Frikki Walker is one of Scotland’s busiest and most experienced Choral Conductors.

He has been Director of Music at St Mary’s Cathedral, Glasgow, since 1996, and under his leadership the choir has more than doubled in size, and now includes a section for young choristers aged 7-16. Frikki has recorded four CDs with the choir, and they have now featured on over 50 Radio and TV programmes including, Daily Service and Morning Worship on BBC Radio 4, Sunday Half-hour on Radio 2, and a wide variety of special programmes on BBC Radios 2, 4, Scotland and the World Service. St Mary’s Cathedral Choir have also appeared many times on BBC Television’s “Songs of Praise”.
In addition to his duties at St Mary’s, Frikki currently conducts RSCM Scottish Voices, which he co-founded, the Changed Voices of the RSNO Junior Chorus, the Changed Voices of the National Youth Choir of Scotland Boys’ Choir, RSNO Chorus Academy, and various choirs in the Royal Conservatoire of Scotland, for whom he is also a visiting examiner.

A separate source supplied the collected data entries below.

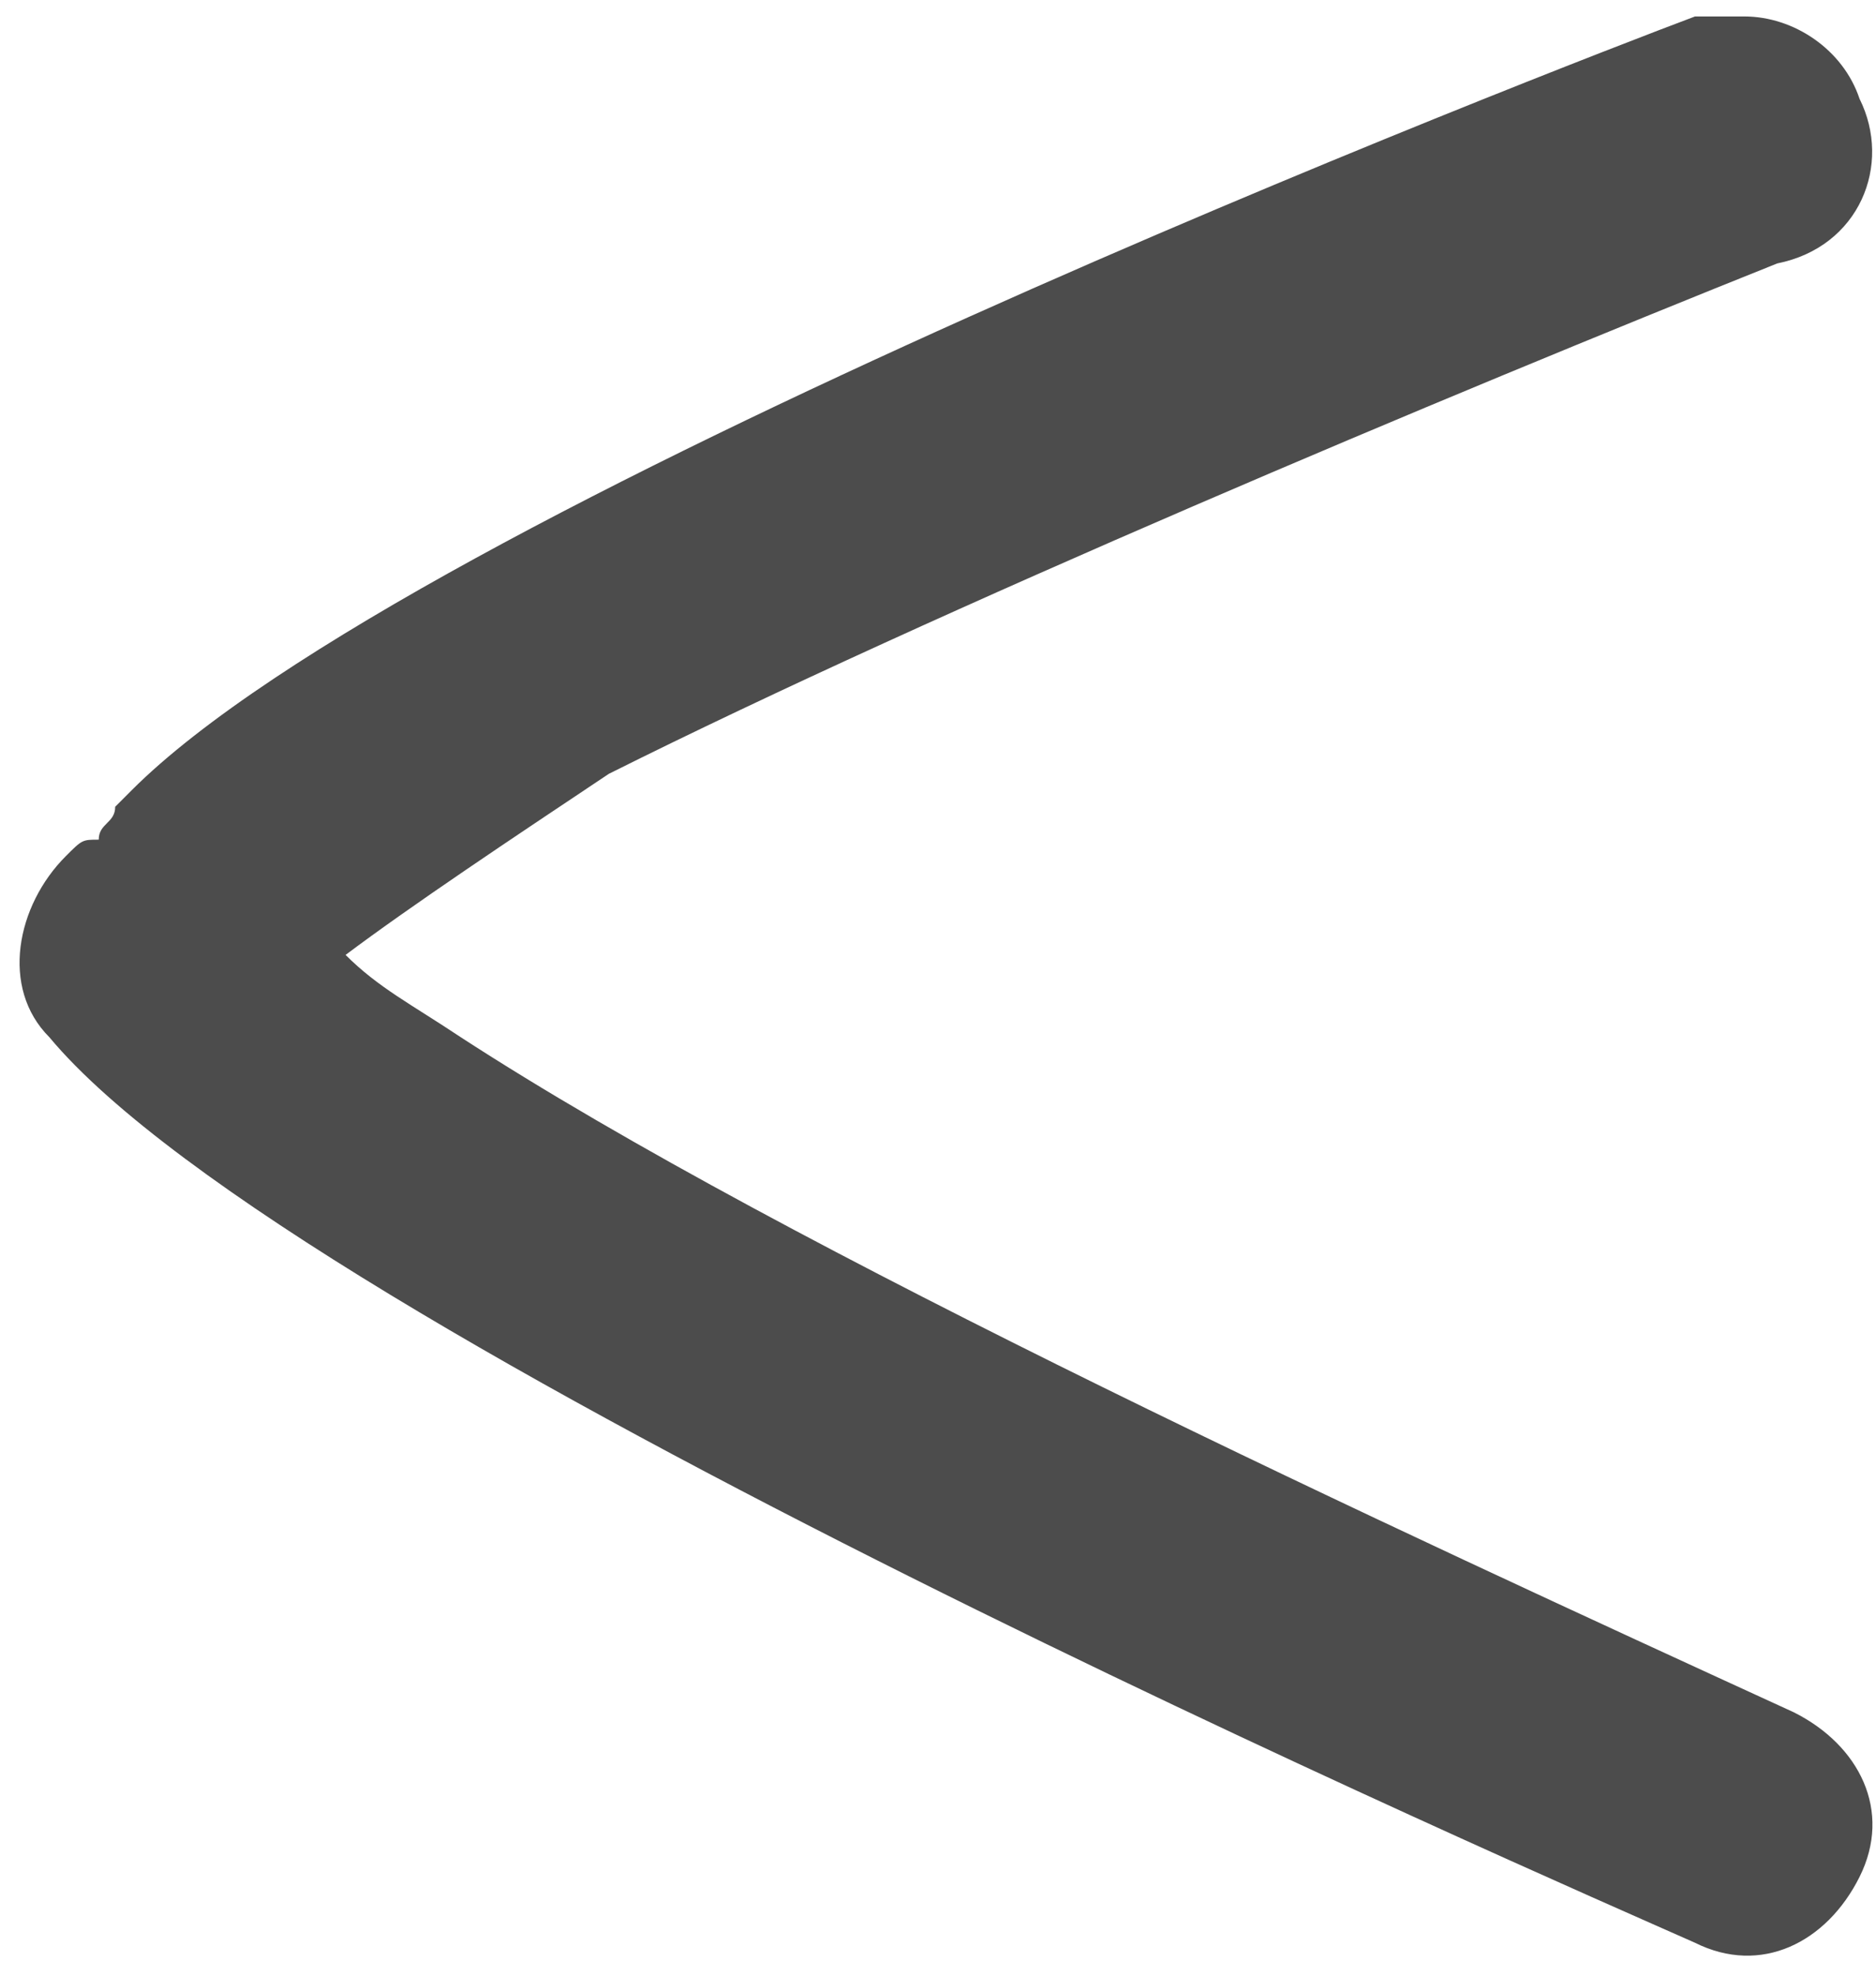 <?xml version="1.0" encoding="utf-8"?>
<svg version="1.1" id="Layer_1" xmlns="http://www.w3.org/2000/svg" xmlns:xlink="http://www.w3.org/1999/xlink" x="0px" y="0px"
	 viewBox="0 0 11.4 12" style="enable-background:new 0 0 11.4 12;" xml:space="preserve">
<style type="text/css">
	.st0{fill:#4c4c4c;}
</style>
<g>
	<g id="Landing-page--RET-at-top" transform="translate(-352, -387)">
		<g id="Group-2" transform="translate(250, 217)">
			<g id="Group-3" transform="translate(0, 162)">
				<g id="Dk-green-arrow" transform="translate(102, 8)">
					<g id="Stroke-3">
						<path class="st0" d="M0.4,5.2c0.1-0.1,0.1-0.1,0.2-0.1l0,0c0-0.1,0.1-0.1,0.1-0.2c0,0,0.1-0.1,0.1-0.1
							c1.7-1.7,8.7-4.4,9.5-4.7c0.1,0,0.2,0,0.3,0c0.3,0,0.6,0.2,0.7,0.5c0.2,0.4,0,0.9-0.5,1c-2,0.8-5.1,2.1-7.1,3.1
							C3.1,5.1,2.5,5.5,2.1,5.8c0.2,0.2,0.4,0.3,0.7,0.5h0c2,1.3,5.7,3,8.1,4.1c0.4,0.2,0.6,0.6,0.4,1c-0.2,0.4-0.6,0.6-1,0.4
							c-0.9-0.4-8.5-3.7-10-5.5C0,6,0.1,5.5,0.4,5.2z"/>
					</g>
				</g>
			</g>
		</g>
	</g>
</g>
</svg>

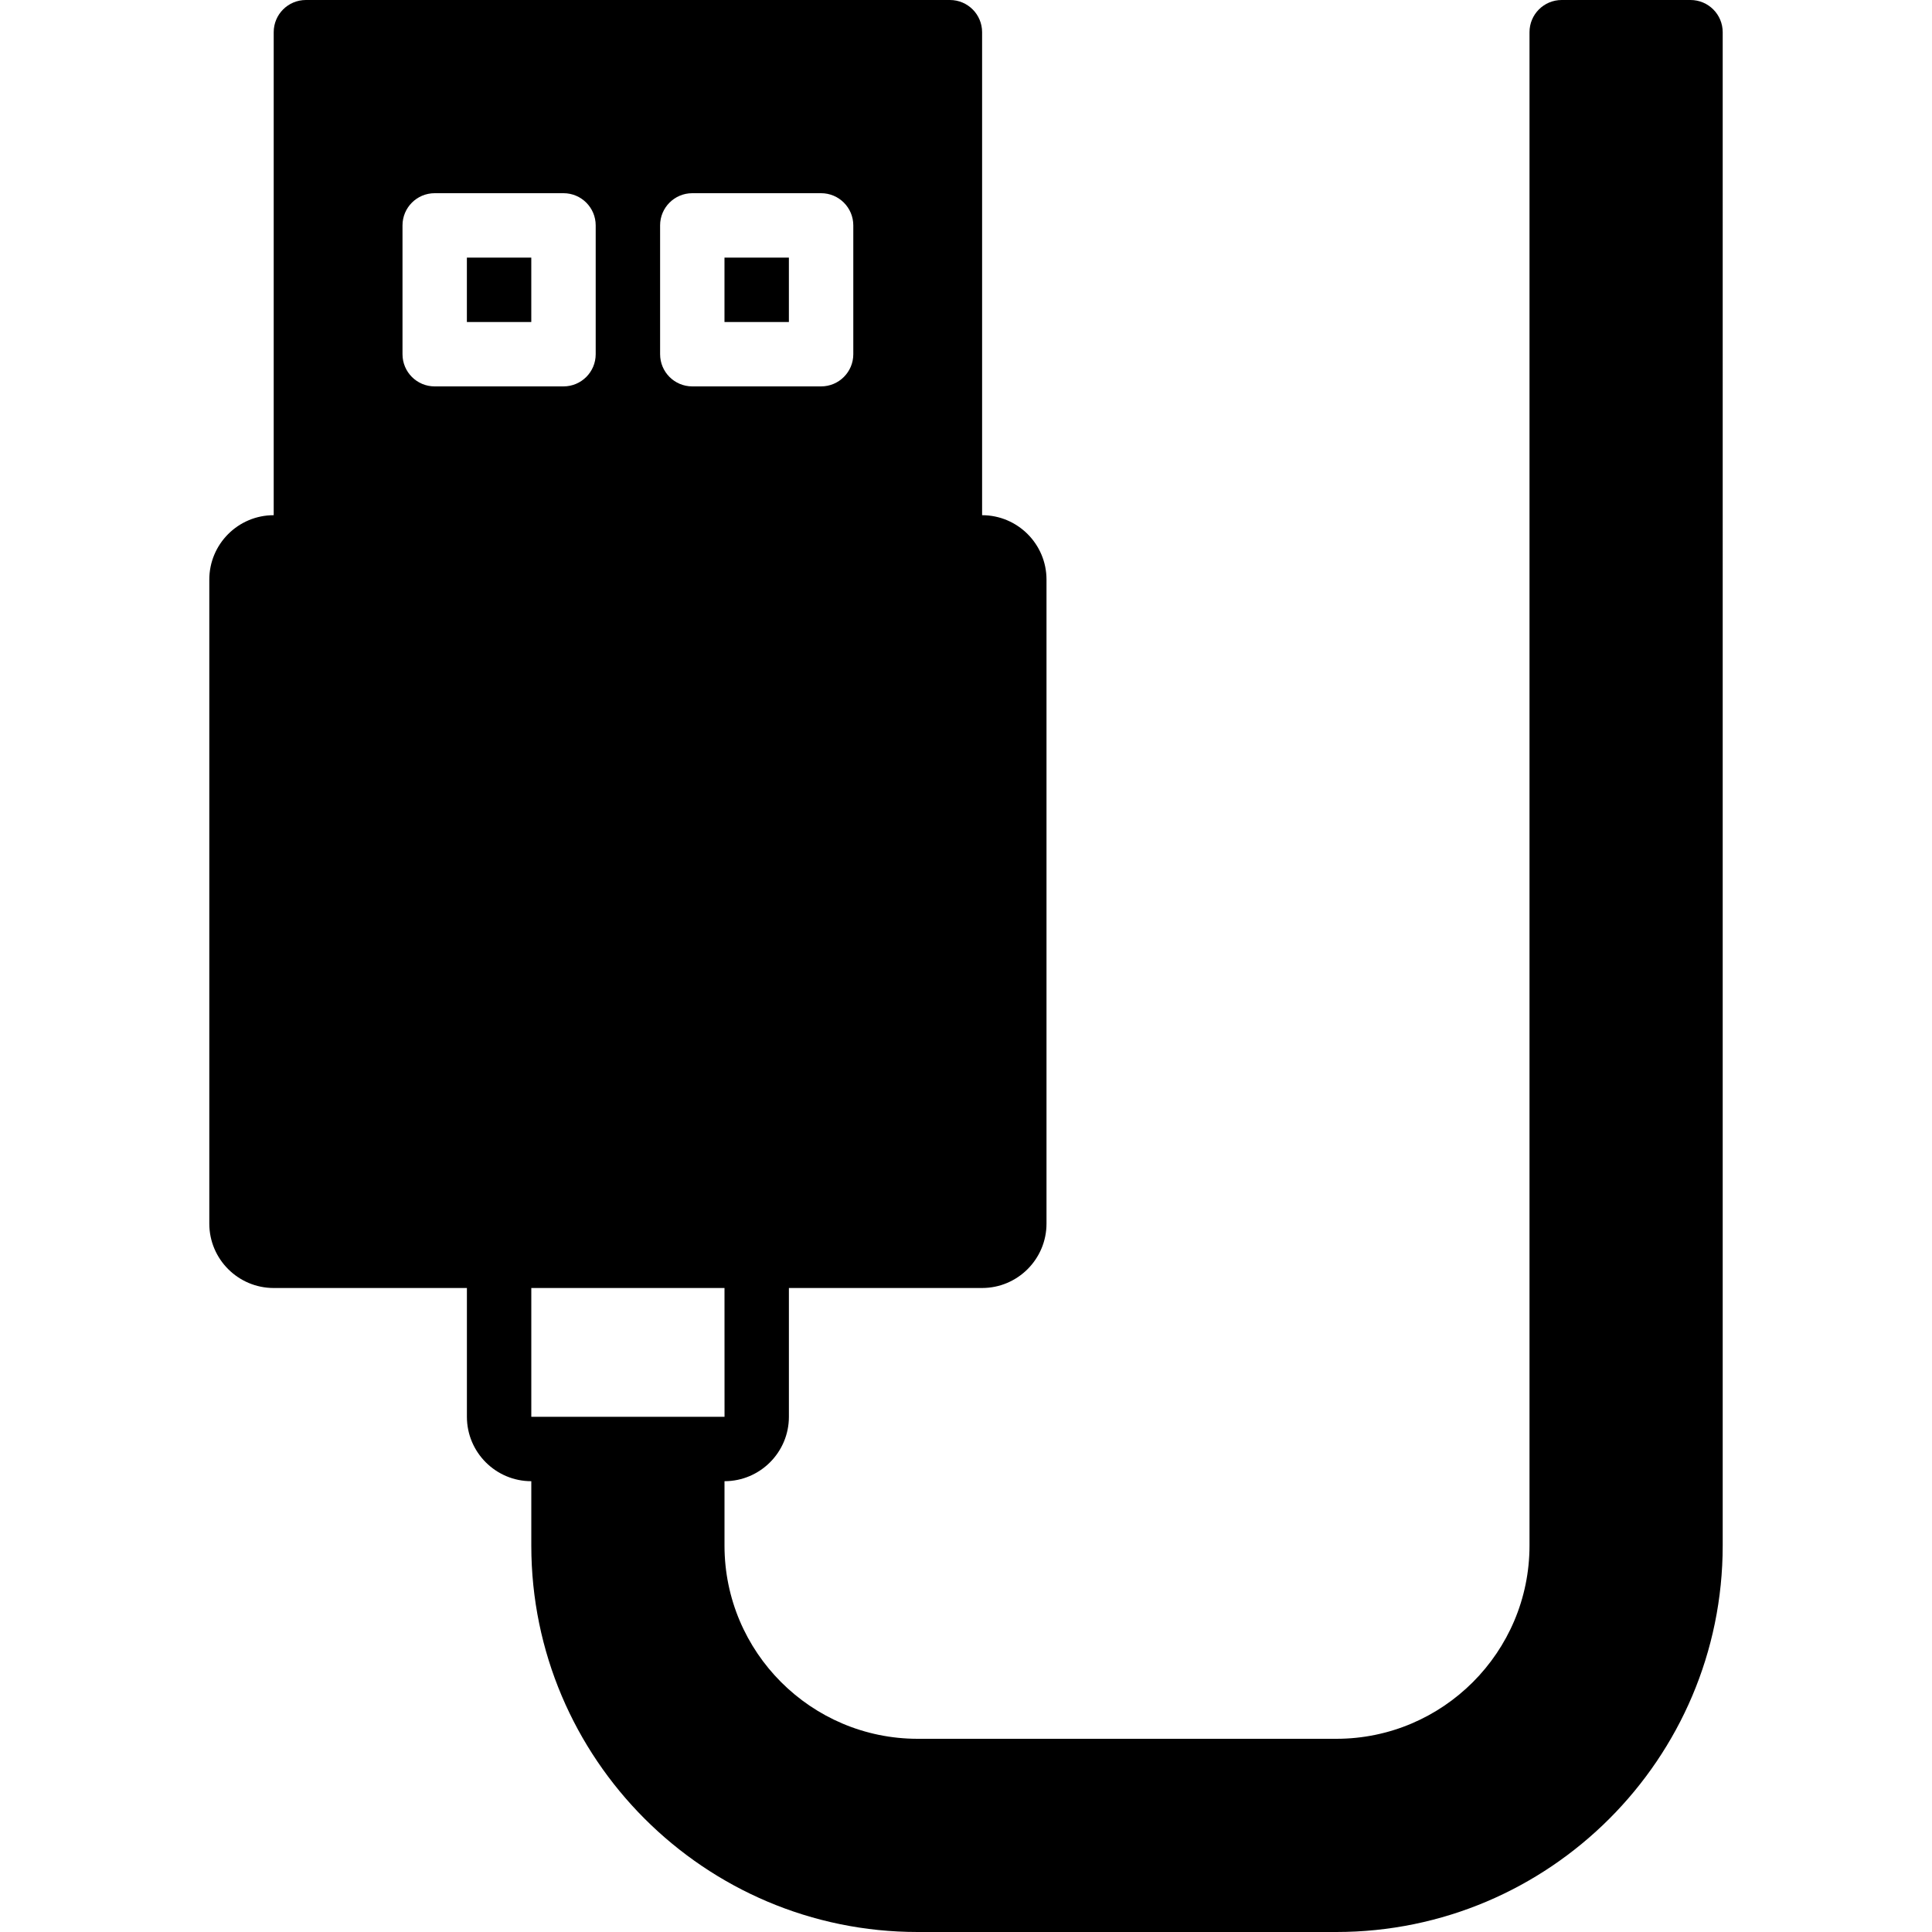 <?xml version="1.0" encoding="iso-8859-1"?>
<!-- Uploaded to: SVG Repo, www.svgrepo.com, Generator: SVG Repo Mixer Tools -->
<svg fill="#000000" version="1.1" id="Layer_1" xmlns="http://www.w3.org/2000/svg" xmlns:xlink="http://www.w3.org/1999/xlink" 
	 viewBox="0 0 512 512" xml:space="preserve">
<g>
	<g>
		<g>
			<rect x="191.996" y="68.27" width="17.067" height="17.067"/>
			<rect x="123.729" y="68.27" width="17.067" height="17.067"/>
			<path d="M448,0h-34.133c-4.719,0-8.533,3.814-8.533,8.533V409.6c0,28.237-22.972,51.2-51.2,51.2H243.2
				c-28.237,0-51.2-22.963-51.2-51.2v-17.067c9.412,0,17.067-7.654,17.067-17.067v-34.133h51.2c9.412,0,17.067-7.654,17.067-17.067
				V153.6c0-9.412-7.654-17.067-17.067-17.067v-128c0-4.719-3.823-8.533-8.533-8.533H81.067c-4.719,0-8.533,3.814-8.533,8.533v128
				c-9.421,0-17.067,7.654-17.067,17.067v170.667c0,9.412,7.646,17.067,17.067,17.067h51.2v34.133
				c0,9.412,7.646,17.067,17.067,17.067V409.6c0,56.465,45.935,102.4,102.4,102.4h110.933c56.457,0,102.4-45.935,102.4-102.4V8.533
				C456.533,3.814,452.71,0,448,0z M174.933,59.733c0-4.719,3.814-8.533,8.533-8.533H217.6c4.71,0,8.533,3.814,8.533,8.533v34.133
				c0,4.719-3.823,8.533-8.533,8.533h-34.133c-4.719,0-8.533-3.814-8.533-8.533V59.733z M115.2,102.4
				c-4.719,0-8.533-3.814-8.533-8.533V59.733c0-4.719,3.814-8.533,8.533-8.533h34.133c4.71,0,8.533,3.814,8.533,8.533v34.133
				c0,4.719-3.823,8.533-8.533,8.533H115.2z M149.333,375.467H140.8v-34.133H192l0.009,34.133h-8.542H149.333z"/>
		</g>
	</g>
</g>
</svg>

He is also responsible for much of the Choral Programme at the High School of Glasgow, including conducting their acclaimed Chamber Choir who have made several radio and TV appearances, and who hold the title of the “BBC Songs of Praise Senior School Choir of the Year 2013”.
Frikki has worked with many of Scotland’s most prestigious choirs, including the RSNO Chorus, the RSNO Junior Chorus, the Edinburgh Festival Chorus, Edinburgh Royal Choral Union, the Glasgow Chamber Choir, and the Chapel Choir of the University of Glasgow. A keen Choral animateur, he has also run choral workshops for the RSNO Learning and Engagement department, and for Festivals and choirs throughout Scotland. Frikki is also in increasing demand as an adjudicator at Music Festivals.
An accomplished Organist, Frikki has given recitals in parish churches, concert halls and Cathedrals, all over Britain and beyond, including such venues as the Caird Hall in Dundee, Brechin Cathedral, St Giles’ Cathedral in Edinburgh, Chester Cathedral, Westminster Cathedral, and Kelvingrove Art Gallery and Museum, where he has played more than fifty recitals in the daily organ concerts’ series there. He has also played in Salzburg, Holland, and in all the major churches in his home country, Iceland. As a composer, he has written a huge range of choral music and many arrangements, some of which are published, and several of which have been broadcast on Radio and TV, and sung and played in schools, churches and cathedrals all over the world, and his “Camerata Carols” have twice featured in the RSNO Christmas Concerts.